• _Requirement_
Word for word, restate every record.

• _The data_
══════════════════════════════

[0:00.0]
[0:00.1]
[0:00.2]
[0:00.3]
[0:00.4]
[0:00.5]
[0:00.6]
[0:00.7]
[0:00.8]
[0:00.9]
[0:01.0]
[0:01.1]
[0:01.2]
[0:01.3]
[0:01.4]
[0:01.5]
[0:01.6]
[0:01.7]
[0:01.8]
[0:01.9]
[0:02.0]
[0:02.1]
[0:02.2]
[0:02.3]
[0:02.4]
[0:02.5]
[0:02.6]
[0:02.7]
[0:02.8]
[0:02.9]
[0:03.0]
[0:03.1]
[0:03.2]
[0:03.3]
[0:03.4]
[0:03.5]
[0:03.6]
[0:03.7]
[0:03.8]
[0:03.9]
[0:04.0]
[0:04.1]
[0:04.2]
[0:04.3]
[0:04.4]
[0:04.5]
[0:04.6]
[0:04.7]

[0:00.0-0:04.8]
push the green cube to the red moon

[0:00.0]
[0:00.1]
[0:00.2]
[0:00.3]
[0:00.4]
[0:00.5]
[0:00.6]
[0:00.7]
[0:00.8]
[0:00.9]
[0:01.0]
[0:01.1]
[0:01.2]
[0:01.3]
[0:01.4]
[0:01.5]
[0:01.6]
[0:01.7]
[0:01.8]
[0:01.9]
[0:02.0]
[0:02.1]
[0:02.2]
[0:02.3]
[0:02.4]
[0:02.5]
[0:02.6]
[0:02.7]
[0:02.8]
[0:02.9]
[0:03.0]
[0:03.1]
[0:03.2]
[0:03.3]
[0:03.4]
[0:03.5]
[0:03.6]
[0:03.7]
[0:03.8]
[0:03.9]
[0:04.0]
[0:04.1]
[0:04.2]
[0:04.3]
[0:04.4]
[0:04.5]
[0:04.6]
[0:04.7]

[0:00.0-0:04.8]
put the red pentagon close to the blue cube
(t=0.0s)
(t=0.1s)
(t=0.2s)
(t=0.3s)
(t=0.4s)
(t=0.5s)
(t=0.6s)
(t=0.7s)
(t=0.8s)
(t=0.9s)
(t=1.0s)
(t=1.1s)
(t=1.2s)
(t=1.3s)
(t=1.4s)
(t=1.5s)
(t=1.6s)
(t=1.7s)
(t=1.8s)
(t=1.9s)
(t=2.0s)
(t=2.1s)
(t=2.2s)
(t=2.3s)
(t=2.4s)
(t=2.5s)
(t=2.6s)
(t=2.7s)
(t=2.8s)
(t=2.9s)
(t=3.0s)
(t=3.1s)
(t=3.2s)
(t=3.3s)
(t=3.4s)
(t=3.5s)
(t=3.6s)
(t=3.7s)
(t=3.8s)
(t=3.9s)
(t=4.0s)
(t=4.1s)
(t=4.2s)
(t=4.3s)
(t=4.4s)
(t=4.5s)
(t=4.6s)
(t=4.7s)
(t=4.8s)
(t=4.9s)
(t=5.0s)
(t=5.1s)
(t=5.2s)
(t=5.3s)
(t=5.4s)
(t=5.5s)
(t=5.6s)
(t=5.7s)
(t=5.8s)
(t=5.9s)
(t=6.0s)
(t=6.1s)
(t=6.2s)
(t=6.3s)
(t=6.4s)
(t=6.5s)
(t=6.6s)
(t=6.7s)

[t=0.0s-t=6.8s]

══════════════════════════════

• _Expected answer_
[0:00.0]
[0:00.1]
[0:00.2]
[0:00.3]
[0:00.4]
[0:00.5]
[0:00.6]
[0:00.7]
[0:00.8]
[0:00.9]
[0:01.0]
[0:01.1]
[0:01.2]
[0:01.3]
[0:01.4]
[0:01.5]
[0:01.6]
[0:01.7]
[0:01.8]
[0:01.9]
[0:02.0]
[0:02.1]
[0:02.2]
[0:02.3]
[0:02.4]
[0:02.5]
[0:02.6]
[0:02.7]
[0:02.8]
[0:02.9]
[0:03.0]
[0:03.1]
[0:03.2]
[0:03.3]
[0:03.4]
[0:03.5]
[0:03.6]
[0:03.7]
[0:03.8]
[0:03.9]
[0:04.0]
[0:04.1]
[0:04.2]
[0:04.3]
[0:04.4]
[0:04.5]
[0:04.6]
[0:04.7]

[0:00.0-0:04.8]
push the green cube to the red moon

[0:00.0]
[0:00.1]
[0:00.2]
[0:00.3]
[0:00.4]
[0:00.5]
[0:00.6]
[0:00.7]
[0:00.8]
[0:00.9]
[0:01.0]
[0:01.1]
[0:01.2]
[0:01.3]
[0:01.4]
[0:01.5]
[0:01.6]
[0:01.7]
[0:01.8]
[0:01.9]
[0:02.0]
[0:02.1]
[0:02.2]
[0:02.3]
[0:02.4]
[0:02.5]
[0:02.6]
[0:02.7]
[0:02.8]
[0:02.9]
[0:03.0]
[0:03.1]
[0:03.2]
[0:03.3]
[0:03.4]
[0:03.5]
[0:03.6]
[0:03.7]
[0:03.8]
[0:03.9]
[0:04.0]
[0:04.1]
[0:04.2]
[0:04.3]
[0:04.4]
[0:04.5]
[0:04.6]
[0:04.7]

[0:00.0-0:04.8]
put the red pentagon close to the blue cube
(t=0.0s)
(t=0.1s)
(t=0.2s)
(t=0.3s)
(t=0.4s)
(t=0.5s)
(t=0.6s)
(t=0.7s)
(t=0.8s)
(t=0.9s)
(t=1.0s)
(t=1.1s)
(t=1.2s)
(t=1.3s)
(t=1.4s)
(t=1.5s)
(t=1.6s)
(t=1.7s)
(t=1.8s)
(t=1.9s)
(t=2.0s)
(t=2.1s)
(t=2.2s)
(t=2.3s)
(t=2.4s)
(t=2.5s)
(t=2.6s)
(t=2.7s)
(t=2.8s)
(t=2.9s)
(t=3.0s)
(t=3.1s)
(t=3.2s)
(t=3.3s)
(t=3.4s)
(t=3.5s)
(t=3.6s)
(t=3.7s)
(t=3.8s)
(t=3.9s)
(t=4.0s)
(t=4.1s)
(t=4.2s)
(t=4.3s)
(t=4.4s)
(t=4.5s)
(t=4.6s)
(t=4.7s)
(t=4.8s)
(t=4.9s)
(t=5.0s)
(t=5.1s)
(t=5.2s)
(t=5.3s)
(t=5.4s)
(t=5.5s)
(t=5.6s)
(t=5.7s)
(t=5.8s)
(t=5.9s)
(t=6.0s)
(t=6.1s)
(t=6.2s)
(t=6.3s)
(t=6.4s)
(t=6.5s)
(t=6.6s)
(t=6.7s)

[t=0.0s-t=6.8s]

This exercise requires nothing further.